As the, so far, jobless recovery continues, the White House is reportedly hunkered down trying to figure out what to do next. Obama administration officials are taking note of programs that have worked and those that have not done as well.
Among the programs that apparently fall into the “success” column is the $8,000 tax credit for first time home buyers.
The tax credit for first timers was part of the $787 billion dollar stimulus program and is being credited with helping the real estate industry stage a modest comeback—at least among first time home buyers.
All indications are that the tax credits will be continued well into 2010 and maybe beyond. Some legislators have even suggested that the credit amount be increased to help sales in places such as coastal California, where home prices tend to be much higher than in many other parts of the nation.
While helping first time buyers is great, we are still struggling with what to do with current home owners who cannot afford their mortgages and face foreclosure…still a growing problem.
With the unemployment rate expected to only get higher in the months ahead, and with thousands upon thousands of mortgages on the verge of resetting soon at much higher rates, no real recovery in the real estate market is likely until the foreclosure problem is dealt with more effectively than it has been. And, so far, it hasn’t been dealt with effectively at all.

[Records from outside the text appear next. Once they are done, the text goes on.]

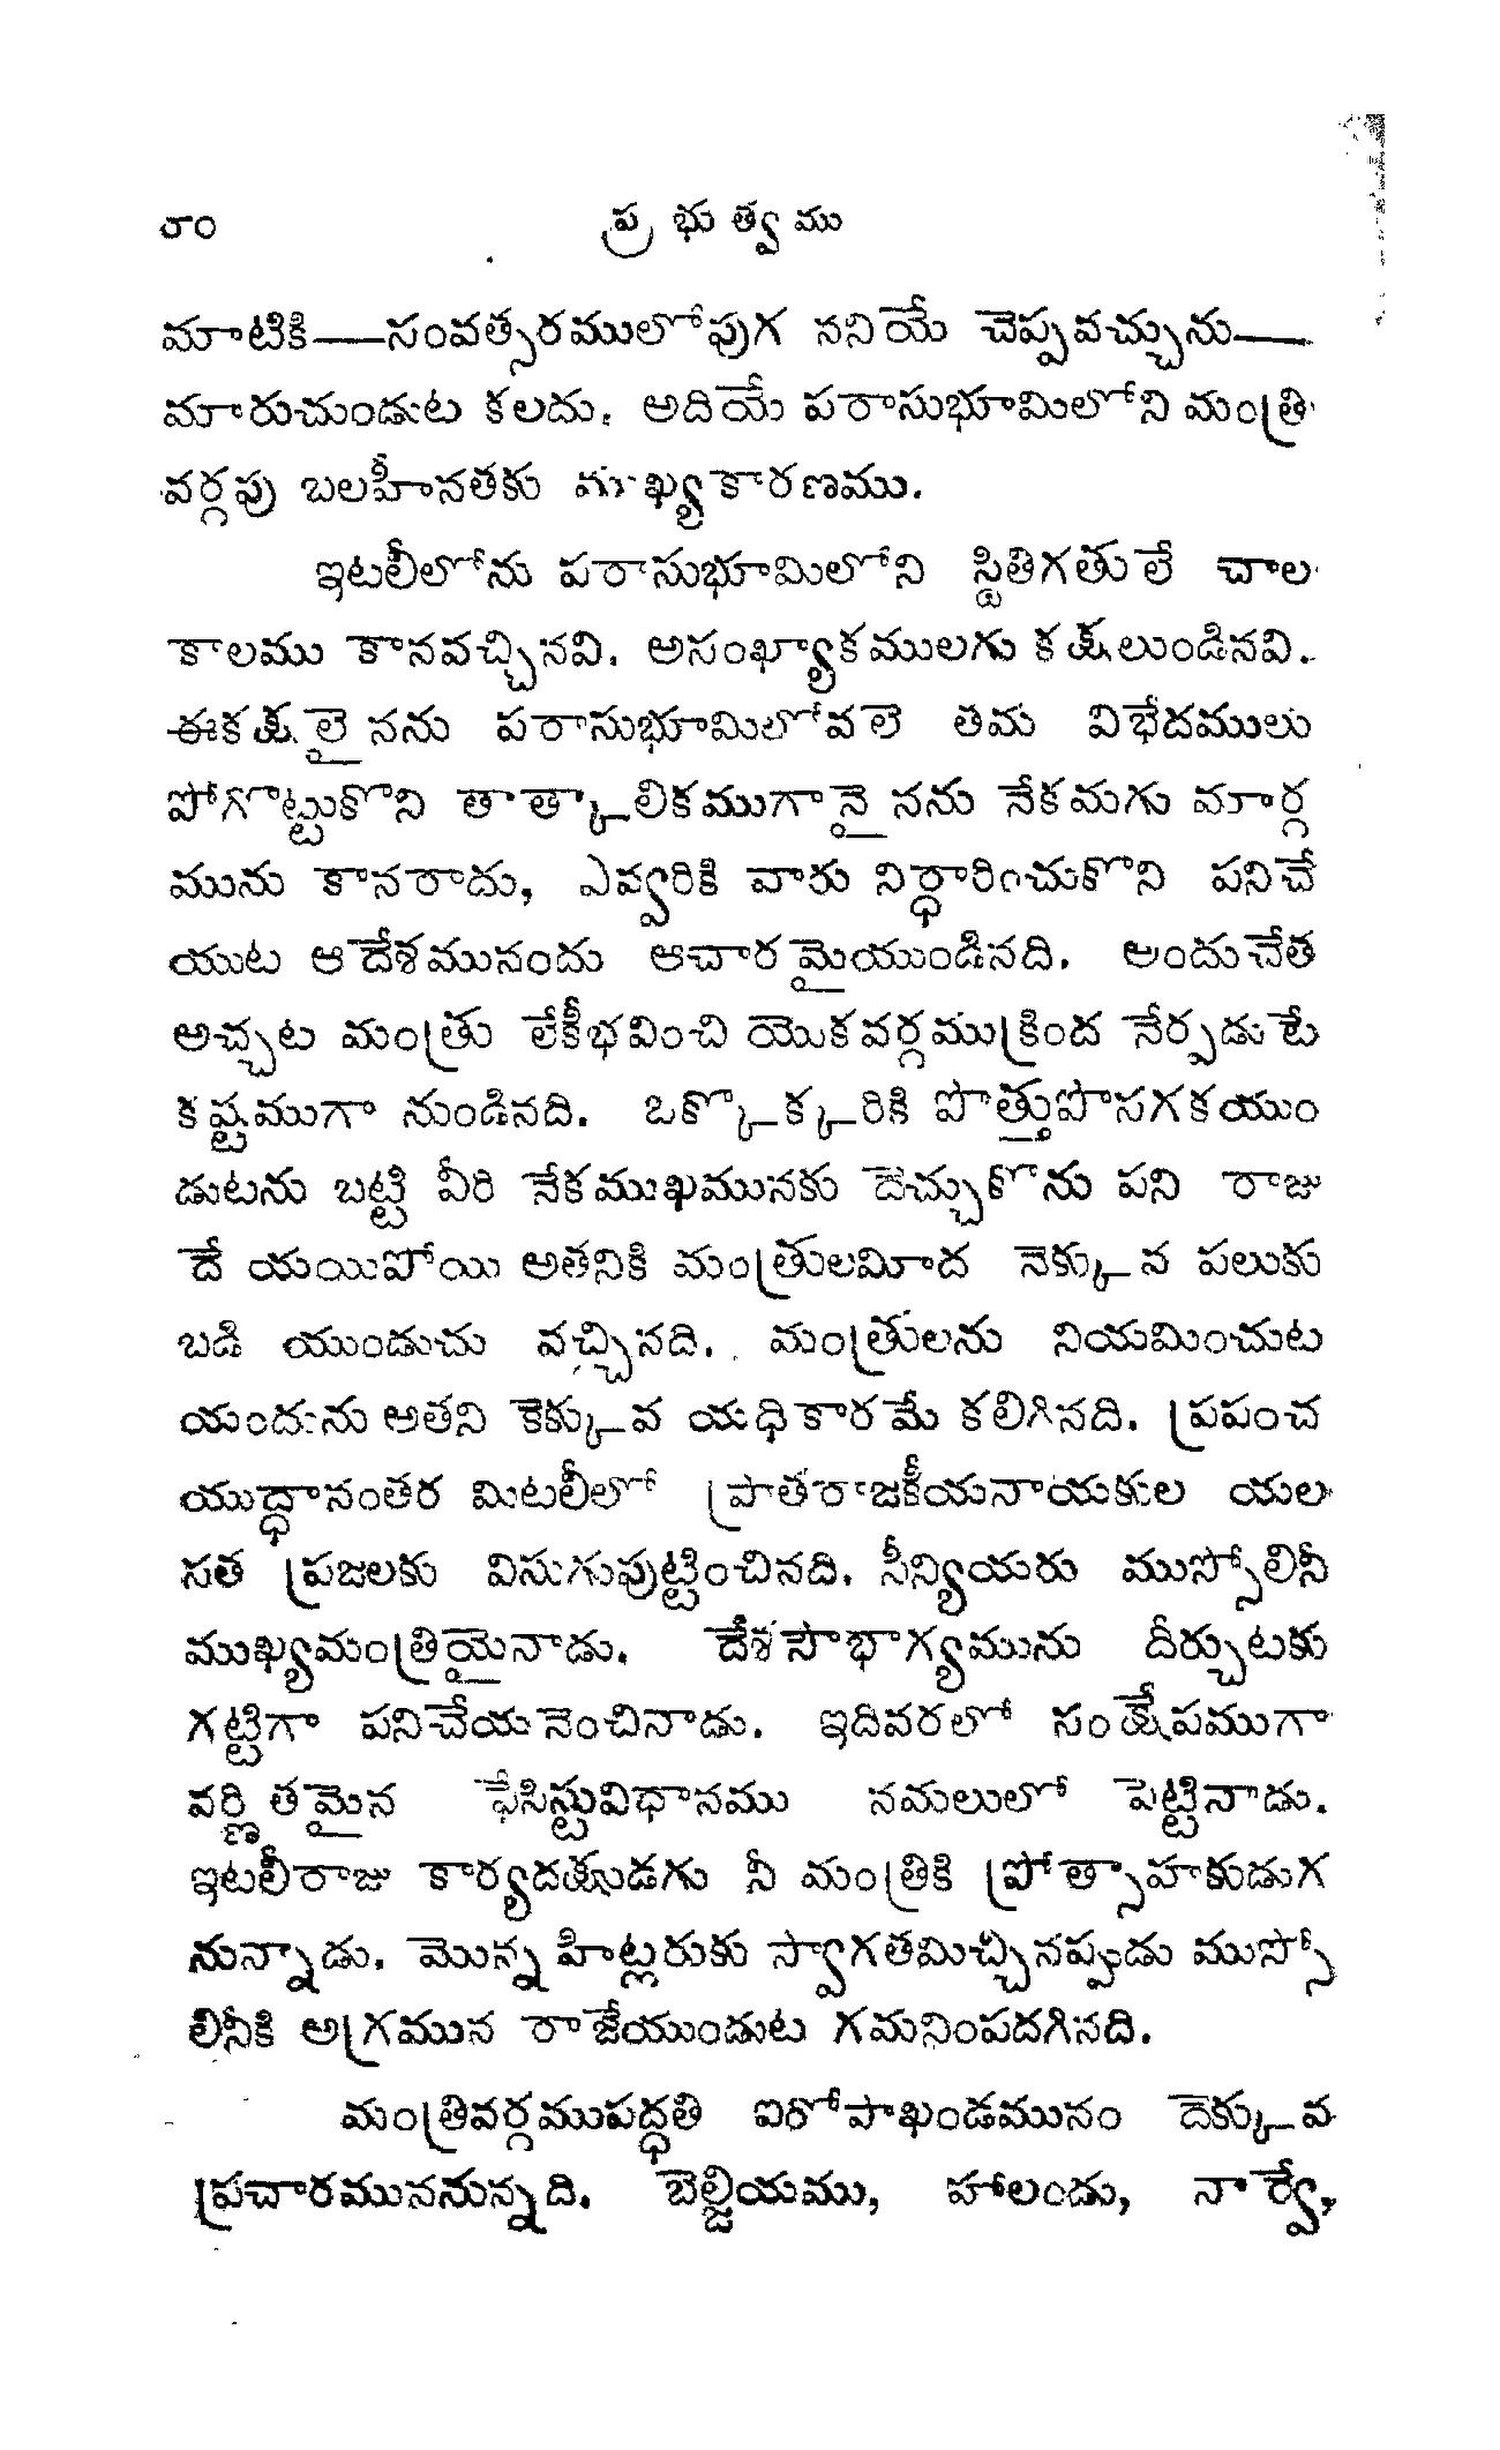మాటికి - సంవత్సరములోపుగ ననియే చెప్పవచ్చును. — మారుచుండట కలదు, అదియే పరాసుభూమిలోని మంత్రివర్గపు బలహీనతకు ముఖ్యకారణము.

ఇటలీలోను పరాసుభూమిలోని స్థితిగతులే చాలకాలము కానవచ్చినవి. అసంఖ్యాకములగు కక్షలుండినవి. ఈకక్షలైనను పరాసుభూమిలోవలే తమ విభేదములు పోగొట్టుకొని తాత్కాలికముగానై నను నేకమగు మార్గమును కానరాదు, ఎవ్వరికి వారు నిర్ధారించుకొని పనిచేయుట ఆ దేశమునందు ఆచారమైయుండినది. అందుచేత అచ్చట మంత్రు లేకీభవించి యొకవర్గముక్రింద నేర్పడుటే
కష్టముగా నుండినది. ఒక్కొక్కరికి పొత్తుపొసగక యుండుటను బట్టి వీరి నేకముఖమునకు దెచ్చుకొను పని రాజుదే యయిపోయి అతనికి మంత్రులమీద నెక్కున పలుకుబడి యుండుచు వచ్చినది. మంత్రులను నియమించుట యందును అతని కెక్కువ యధికారమే కలిగినది. ప్రపంచ
యుద్ధానంతర మిటలీలో ప్రాతరాజకీయనాయకుల యలసత ప్రజలకు విసుగుపుట్టించినది. సీన్యియరు ముస్సోలినీ ముఖ్యమంత్రియైనాడు. దేశసౌభాగ్యమును దీర్చుటకు గట్టిగా పనిచేయ నెంచినాడు. ఇదివరలో సంక్షేపముగా వర్ణితమైన ఫేసిస్టువిధానము నమలులో పెట్టినాడు.
ఇటలీరాజు కార్యదక్షుడగు నీ మంత్రికి ప్రోత్సాహకుడుగ నున్నాడు. మొన్న హిట్లరుకు స్వాగతమిచ్చి నప్పుడు ముస్సోలినీకి అగ్రమున రాజేయుండుట గమనింపదగినది.

మంత్రివర్గముపద్ధతి ఐరోపాఖండమునం దెక్కువ ప్రచారముననున్నది. బెల్జియము, హాలండు, నార్వే,

The president still is resisting going to bat for a change in bankruptcy law that would allow judges to adjust mortgages–something he strongly advocated as a candidate.
And, despite some self congratulating newspaper ads, most major banks have been loath to adjust homeowners’ mortgages by any method other than reducing interest while leaving principal alone. Not a good way to go about this, many economists argue.
Helping lots of first timers buy a home while allowing countless current homeowners to be booted from their properties makes little sense…politically or economically.